===== MATERIAL PROVIDED

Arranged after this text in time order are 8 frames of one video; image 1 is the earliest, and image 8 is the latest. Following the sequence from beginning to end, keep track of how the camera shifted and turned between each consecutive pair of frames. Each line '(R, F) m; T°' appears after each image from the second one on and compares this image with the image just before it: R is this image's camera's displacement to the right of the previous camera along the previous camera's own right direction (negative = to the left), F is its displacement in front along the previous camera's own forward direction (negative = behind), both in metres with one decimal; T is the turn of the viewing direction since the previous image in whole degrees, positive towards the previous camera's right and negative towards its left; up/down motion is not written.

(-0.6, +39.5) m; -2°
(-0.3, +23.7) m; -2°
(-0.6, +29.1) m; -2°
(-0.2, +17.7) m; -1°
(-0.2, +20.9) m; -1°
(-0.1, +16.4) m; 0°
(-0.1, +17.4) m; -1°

==========

_TASK STATEMENT_:
Output an exact copy of the listing.

_RESULT FOR THIS TASK_:
Arranged after this text in time order are 8 frames of one video; image 1 is the earliest, and image 8 is the latest. Following the sequence from beginning to end, keep track of how the camera shifted and turned between each consecutive pair of frames. Each line '(R, F) m; T°' appears after each image from the second one on and compares this image with the image just before it: R is this image's camera's displacement to the right of the previous camera along the previous camera's own right direction (negative = to the left), F is its displacement in front along the previous camera's own forward direction (negative = behind), both in metres with one decimal; T is the turn of the viewing direction since the previous image in whole degrees, positive towards the previous camera's right and negative towards its left; up/down motion is not written.

(-0.6, +39.5) m; -2°
(-0.3, +23.7) m; -2°
(-0.6, +29.1) m; -2°
(-0.2, +17.7) m; -1°
(-0.2, +20.9) m; -1°
(-0.1, +16.4) m; 0°
(-0.1, +17.4) m; -1°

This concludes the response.